Hamburg’s Senator for Culture Carsten Brosda (SPD) has been working intensively on songs by the musician Bruce Springsteen for several months. “I’m currently writing a book in which I try, among other things, to explain political values with songs by Springsteen. It works surprisingly well,” said the 48-year-old of the German Press Agency in Hamburg.
He’s been writing the book for a long time, but it’s far from finished. It is scheduled for release in fall 2023. “That’s my plan too. But that only works in the gaps that you have.” But if they don’t appear or he doesn’t have any inspiration, then it just doesn’t go any further. “I don’t do it full-time and can sit down at my desk in the morning and stay there until 2 p.m., like some other people can do. I don’t write a line between 8 a.m. and 2 p.m. But I write between 11 p.m. and 1:30 a.m. – and that also depends on how the previous evening at the theater was.”

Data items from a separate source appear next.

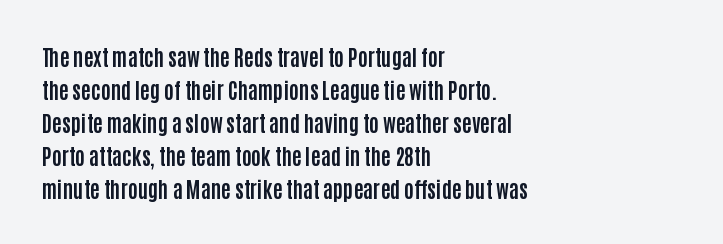
Q: Is the text bold? A: Yes.
Q: Is the text italic (slanted)? A: No, it is upright.
Q: Is the text underlined? A: No.
Q: How is the paragraph aligned? A: Left-aligned.
Q: Is the spacing between letters normal or unusually wide? A: Normal.
Q: Is the spacing between lines tight, normal or loose? A: Normal.
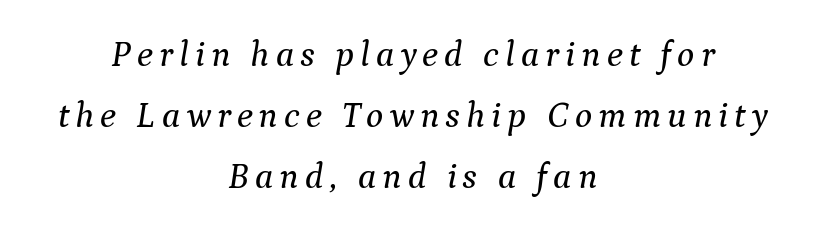
The image shows 36 px serif type, italic (leaning right); set centered, normal line spacing (1.7x), not underlined; medium stroke contrast and a medium x-height.
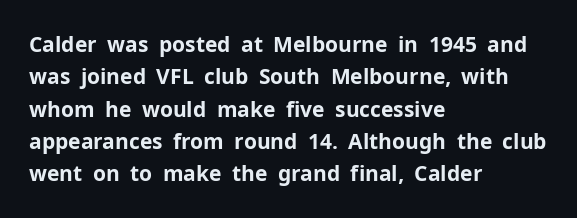
{"italic": "no", "bold": "yes", "underline": "no", "align": "left", "line_spacing": "normal", "line_spacing_ratio": 1.54, "letter_spacing": "normal", "letter_spacing_em": 0.0, "glyph_px": 21}
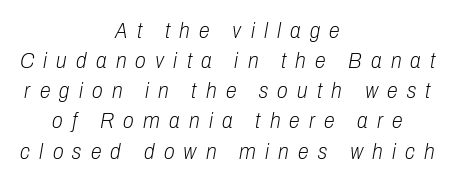
Horizontally, the lines are justified to the midpoint only. This reads as an unemphasized weight, regular at the heaviest. These lines have a slow, spaced-out rhythm from letter to letter. The passage shown leans; its letterforms are oblique. If you measured baseline to baseline, you'd find a middling distance.
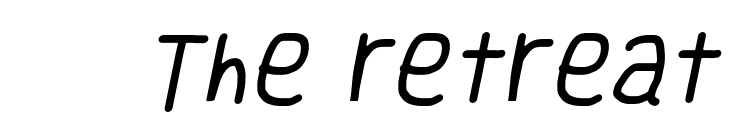
Plain, unruled lines of type. Note the varied advance widths — an 'i' is clearly narrower than an 'm'. A light-to-regular cut is what we see here. The rendering keeps characters at their native spacing. Classification — sans serif.
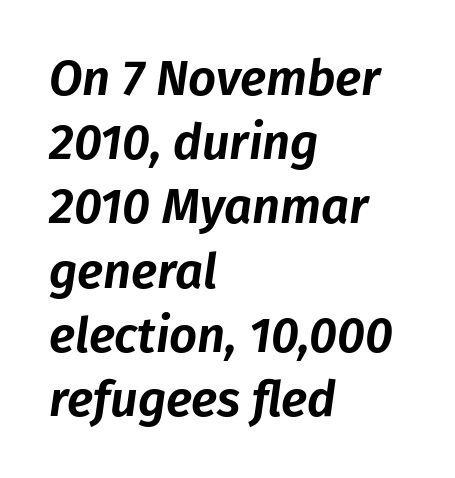
Q: Is the text italic (slanted)? A: Yes, it leans right by about 8 degrees.
Q: Is the text underlined? A: No.
Q: How is the paragraph aligned? A: Left-aligned.
Q: Is the spacing between letters normal or unusually wide? A: Normal.
Q: Is the spacing between lines tight, normal or loose? A: Normal.
Q: Width (condensed, normal, or wide)? A: Normal.
Q: Stroke contrast? A: Low.
Q: x-height? A: Medium.
Q: Monospaced? A: No.
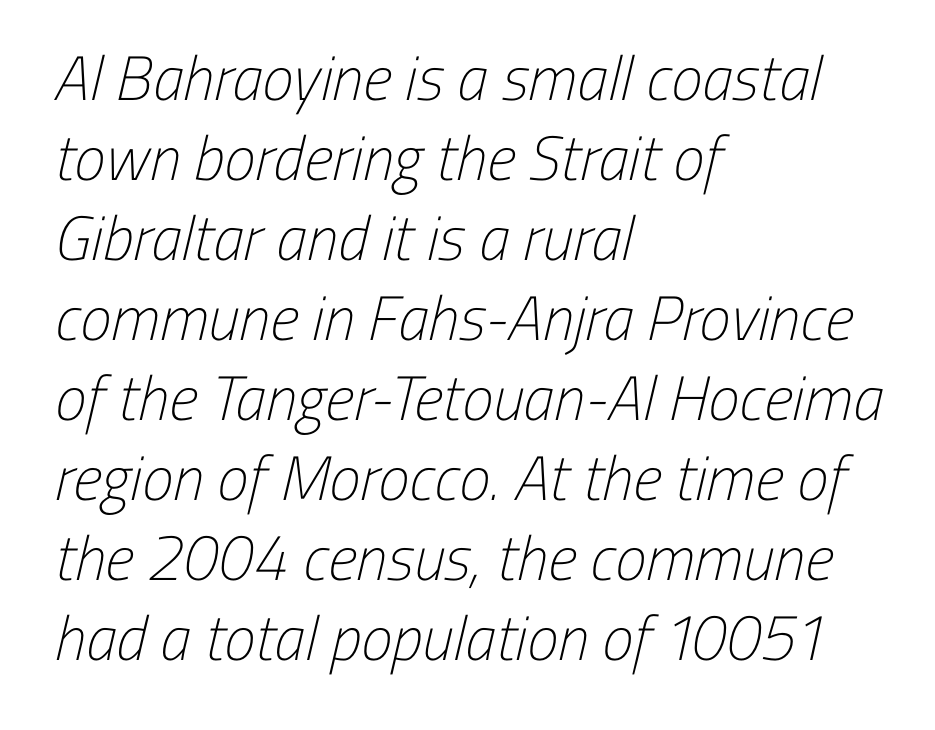
The passage shown stacks its lines at a standard gap. There is no visible air inserted between adjacent glyphs. Type without underlining. All the whitespace from short lines collects on the right. Heaviness? Minimal to ordinary, like unemphasized prose.
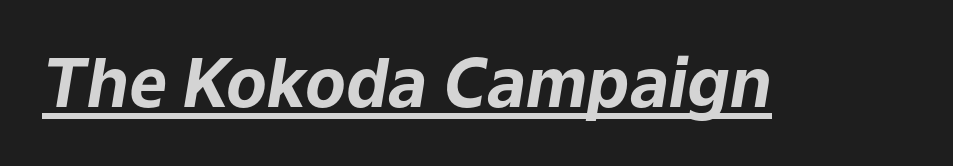
Q: Is the text bold? A: Yes.
Q: Is the text italic (slanted)? A: Yes, it leans right by about 9 degrees.
Q: Is the text underlined? A: Yes.
Q: Is the spacing between letters normal or unusually wide? A: Normal.
Q: Width (condensed, normal, or wide)? A: Normal.
Q: Stroke contrast? A: Low.
Q: x-height? A: Medium.
Q: Monospaced? A: No.

In general, the book is an attempt “to search for narratives in books, songs, films, plays and other works of art that are all around us, which are not at all political on the surface, but which of course contain political ideas in themselves”. It’s about meaningful stories that are told everywhere, but not necessarily interpreted politically. Such stories, which can also educate a community, are often found in Springsteen’s songs. “You can explain freedom with Bruce Springsteen, for example. There is an immediacy of emotion when you listen to “Thunder Road”. That works great.”
Brosda does not necessarily want to meet the musician Springsteen personally, who will also appear in Hamburg in 2023. “That’s always the classic question. Do you actually really want to meet one of the people you have such a fanboy moment for? Or isn’t it better to live with the illusion that they are the way you thought they were?” He doesn’t have the compelling need to meet him. “If that somehow came about, I certainly wouldn’t say no.” Springsteen speaks for him through the works he has created. “And some of those are great stories.”